Cool, align every member of the Cullen family (all of them, or else) with a current staff member.
Uuuuh is the Cullen family Twilight stuff??
Ok uh Edward is Kompys because of Kompys’ glittering! And then I don’t remember the rest of the vampire fam sorry!
…and with that established, would you share your vision! What do you want from that Staff platform?
Talk about stuff that I *feel* is underrepresented on Sput and (hopefully) flood BNM with new things!
I wanna use the blog too. Mars’ post-metalcore series was terrific, and even though I don’t feel like doing a multi-part series, I’m definitely thinking about doing (sub)genres deep-dives without the constraint of englobing that analysis into an album review. London jazz, emo, or drumless are the ones that come to mind because they all are modern genres whose roots trace back to before we were in our papas’ gonads – an excellent occasion to do fun lil history lessons about stuff that’s currently hyped!
Yes! What makes a good moustache and how does yours fulfil that criteria?
Each entity has an essence that needs to fill its purpose. Sometimes, like you and me, you gotta find what your essence is. Moustaches live a much easier life: their essence precedes their existence. They gotta show up, be thicc, catch every sip of your drink, and be their own glorious lil thing. My moustache is a good moustache because I let it live its moustache life independently of the beard life. This is the way.
Even more seriously, what is good writing and how does yours fulfil that criteria?
Ooof, that’s a biggie.
Regarding music reviewing (‘cause Dostoievski was a pretty darn good writer, but I bet he wouldn’t know how to talk about Counterparts (oh yes?)), good writing is pinpointing an album’s essence. What references does the band/artist try to invoke? Is it well done? If not, why? What were the intentions behind the album? Is it a genuine yet epic fail (Speedin’ Bullet 2 Heaven and Angelic 2 the Core enter the chat), is it not far off but not entirely it (most albums), is it the new canon (TURNSTILE BITCH)? If you answer those questions and provide the occasional punchline/beautiful sentence, I’m sold.
As to how my writing fulfils that criterion, I feel like I’m an alright writer because I instinctively try to answer the aforementioned question. However, I don’t think I’m an excellent writer because I constantly develop the same sentence structure and/or gimmicks (bomb-ass-thicc or calling everyone a bae, for example), and I have to actively search for synonyms to compensate for my poor vocabulary. I think I’m better when I try to develop a “story” within the review – hence why I want to use the blog!
Recommend me one off-Sput music journo you particularly rate (Francophone or Anglophone).

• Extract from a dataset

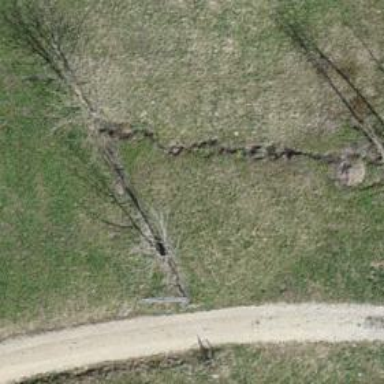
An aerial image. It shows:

That’s kinda cheating because I ended up writing for the only journos I actually read (Thésaurap and Goûte Mes Disques).
The most revered French rap (yes, again!) media is l’Abcdr du son. Basically all prominent figures in French rap discourse started there, and the site favors a certain counter-mainstream approach. But they don’t have any ratings!! Which forces you to actually read the review, and Abcdr’s revs usually are the best you can find.
Noice. I’m looking at the list of new Staffers and just reflecting on how it feels as though most of you have been on the scene for at least the entirety of recent memory but have all had very different journeys to end up here. Would you give us a quick story-so-far of what drew you to Sput, what tempted you to hit the keyboard, how it’s been honing them claws, and all the lil carnages you’ve encountered along the way?

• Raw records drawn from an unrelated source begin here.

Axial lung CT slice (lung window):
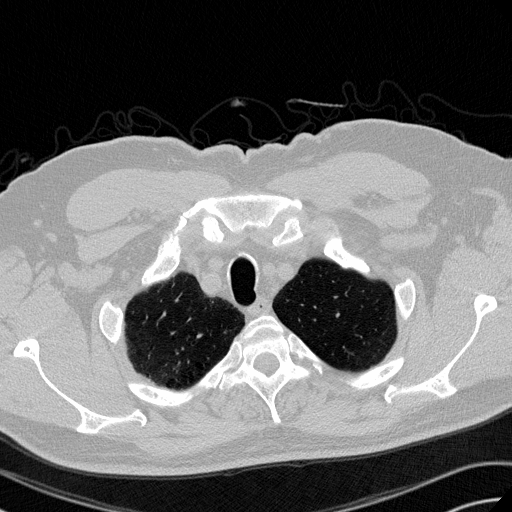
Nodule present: no
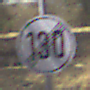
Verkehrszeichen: EndeGeschwindigkeit130
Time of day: Midday
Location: Outdoor (Nature)
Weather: Clear
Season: NotSpecified
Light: Natural

I distinctly remember looking for A Day to Remember reviews back in 2012, and landed on Sput after reading everything on AbsolutePunk (‘member?). I liked the ~aesthetic~ and stayed forever! I even told my IRL friend Bedex to come to the site too (that’s why we got similar names! We are both doofuses from the same group of friends).

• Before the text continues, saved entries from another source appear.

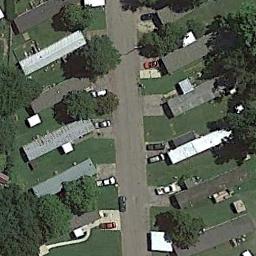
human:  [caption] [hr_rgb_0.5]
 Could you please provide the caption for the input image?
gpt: The mobile home park has some neatly arranged mobile homes on the grass and some trees are among these mobile homes .

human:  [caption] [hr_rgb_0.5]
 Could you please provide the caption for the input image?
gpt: Numerous buildings of different shapes and sizes are in mobile home parks .

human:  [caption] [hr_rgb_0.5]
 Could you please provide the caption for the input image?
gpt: The roof of most mobile homes is white .

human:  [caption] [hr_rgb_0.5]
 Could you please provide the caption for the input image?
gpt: The mobile home park is on the grass next to some trees and road .

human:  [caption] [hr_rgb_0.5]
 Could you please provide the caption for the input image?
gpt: There are some buildings on green lawns on the mobile home park .
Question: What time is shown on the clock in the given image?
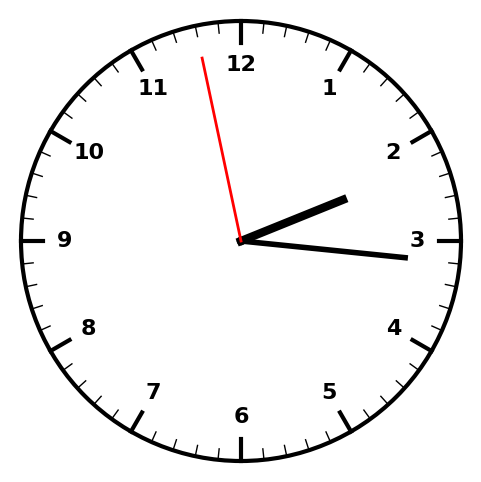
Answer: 02:15:58
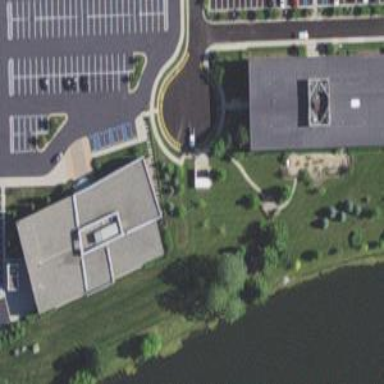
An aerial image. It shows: Commercial building.
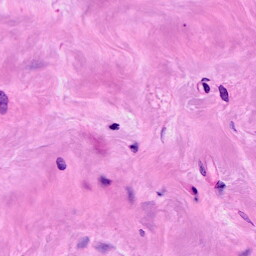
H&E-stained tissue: Breast
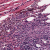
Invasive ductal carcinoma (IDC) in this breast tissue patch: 0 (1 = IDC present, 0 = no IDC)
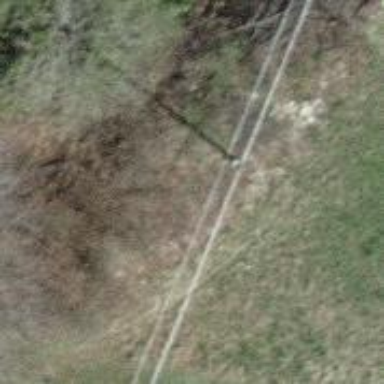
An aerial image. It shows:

I was basically a lurker that only rated and seldom commented. Then my ratings were purged because I 1’d Justin Bieber discography – I was young and dumb and can now confidently say that even though there are 1.5s and 2s in there, it didn’t deserve a discog 1.
Then I lurked again until 2019, when Bedex got me back on Sput to start soundoffing (thanks again for that babe). All these soundoffs led me to try my chance at reviewing one lockdown afternoon. I felt like I could basically flesh out a soundoff into a review, and here we are!! Bedex helped me a lot in the beginning to turn dumb mess into proper reviews. Bedex really is the best dexbro.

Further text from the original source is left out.